BEGIN
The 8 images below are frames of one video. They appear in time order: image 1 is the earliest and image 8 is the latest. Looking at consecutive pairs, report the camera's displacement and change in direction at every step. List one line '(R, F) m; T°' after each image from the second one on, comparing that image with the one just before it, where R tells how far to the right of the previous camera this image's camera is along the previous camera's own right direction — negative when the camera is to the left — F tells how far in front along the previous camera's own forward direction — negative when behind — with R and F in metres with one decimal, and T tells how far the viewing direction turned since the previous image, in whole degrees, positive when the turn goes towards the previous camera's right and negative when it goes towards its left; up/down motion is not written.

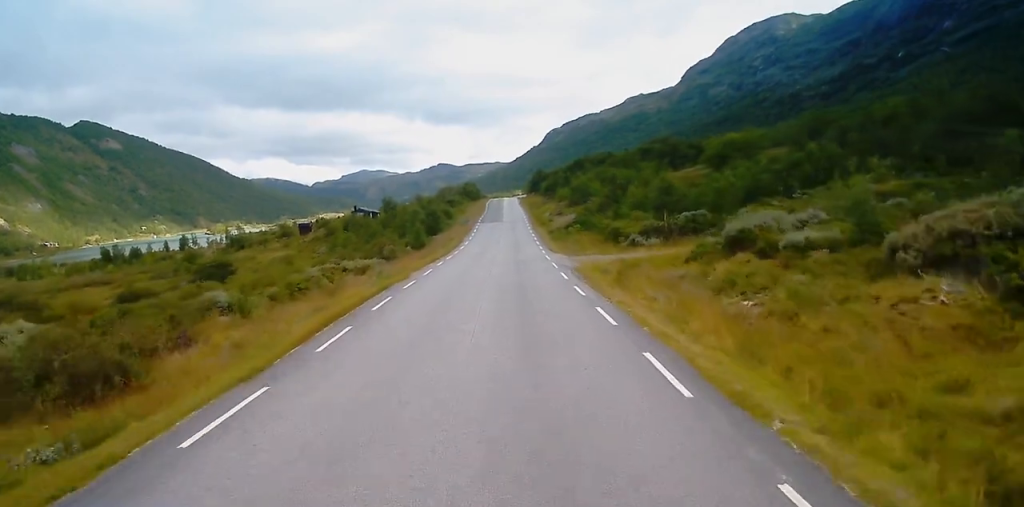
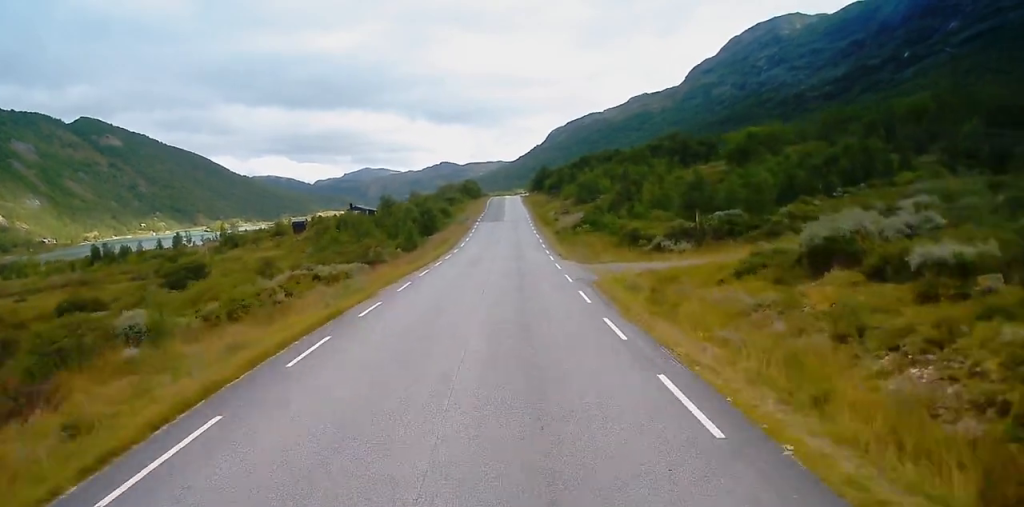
(-0.2, +7.9) m; 0°
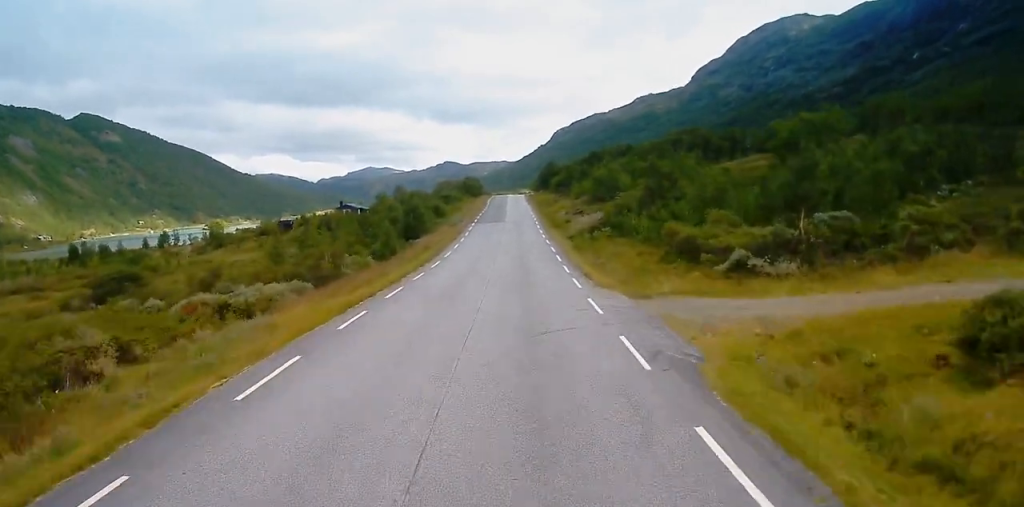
(+0.3, +14.4) m; 0°
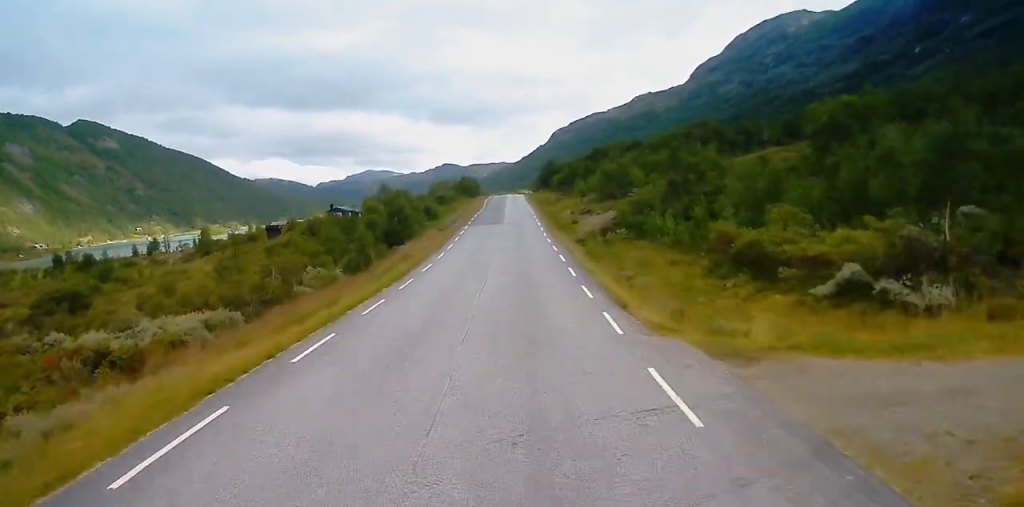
(-0.1, +9.3) m; 0°
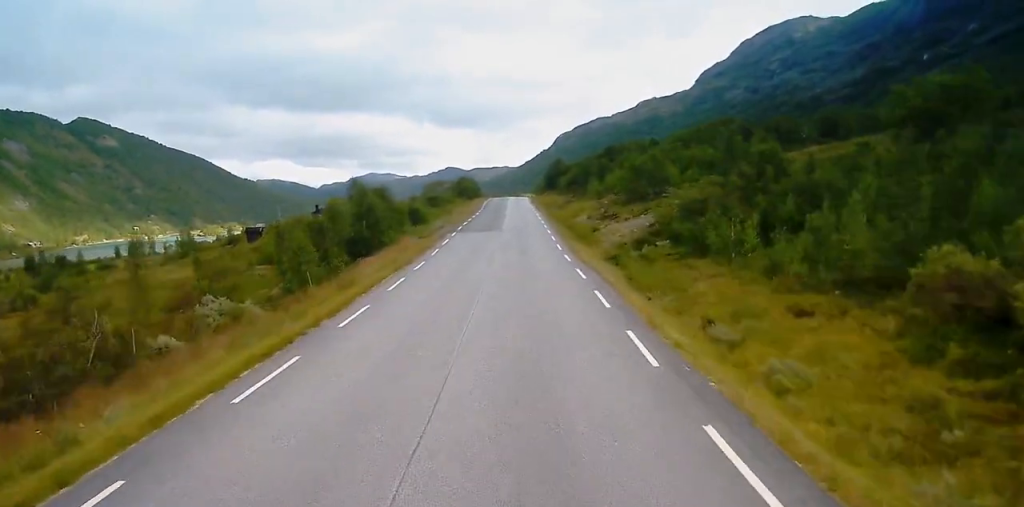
(+0.1, +14.7) m; 0°
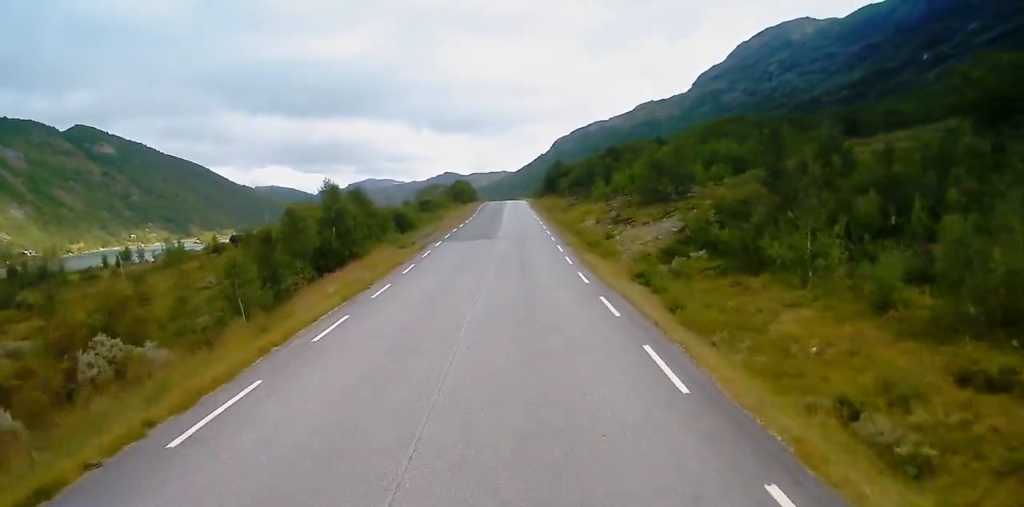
(+0.2, +7.9) m; 0°
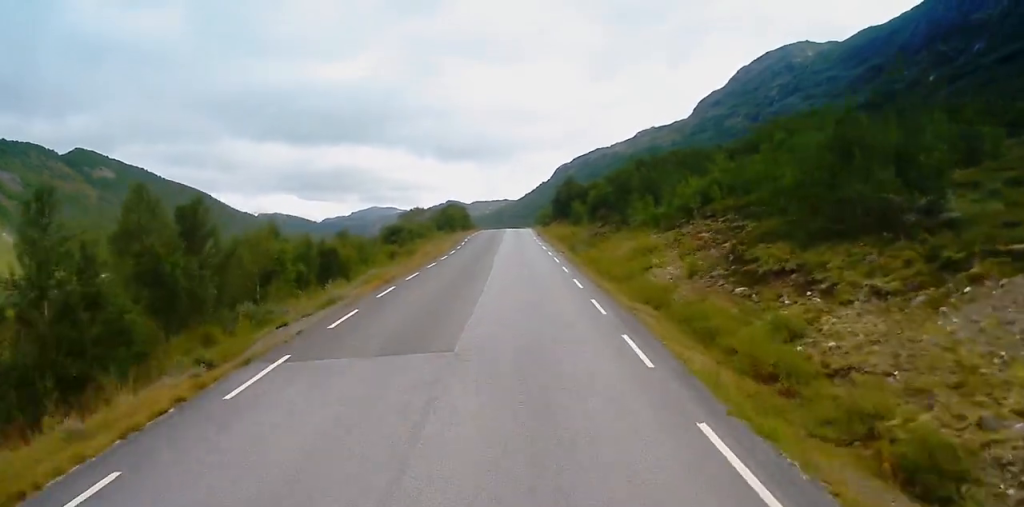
(-0.8, +27.9) m; -2°
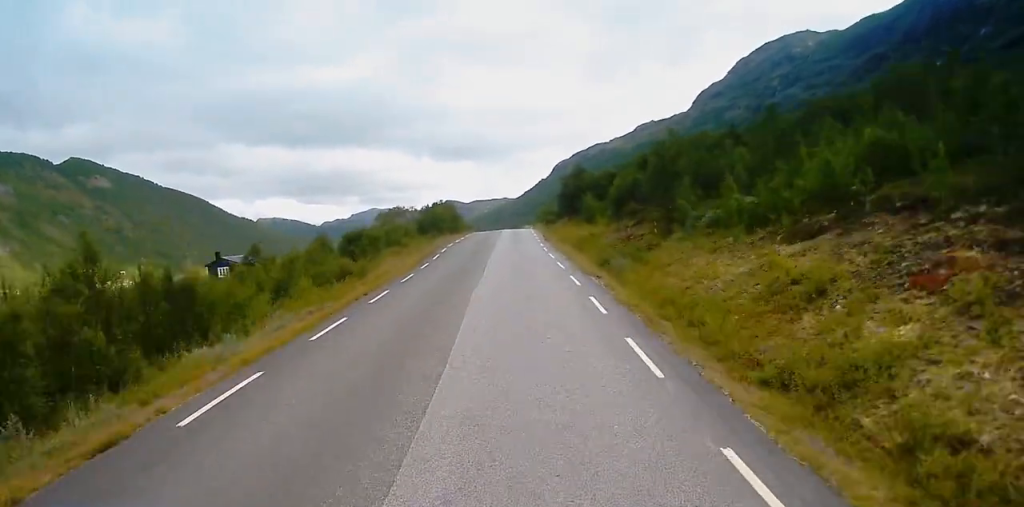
(0.0, +19.2) m; 0°
END
**PROBLEM**
The records above should be retyped in full and exactly; omit the pictures.

**EXERCISE OUTPUT**
The 8 images below are frames of one video. They appear in time order: image 1 is the earliest and image 8 is the latest. Looking at consecutive pairs, report the camera's displacement and change in direction at every step. List one line '(R, F) m; T°' after each image from the second one on, comparing that image with the one just before it, where R tells how far to the right of the previous camera this image's camera is along the previous camera's own right direction — negative when the camera is to the left — F tells how far in front along the previous camera's own forward direction — negative when behind — with R and F in metres with one decimal, and T tells how far the viewing direction turned since the previous image, in whole degrees, positive when the turn goes towards the previous camera's right and negative when it goes towards its left; up/down motion is not written.

(-0.2, +7.9) m; 0°
(+0.3, +14.4) m; 0°
(-0.1, +9.3) m; 0°
(+0.1, +14.7) m; 0°
(+0.2, +7.9) m; 0°
(-0.8, +27.9) m; -2°
(0.0, +19.2) m; 0°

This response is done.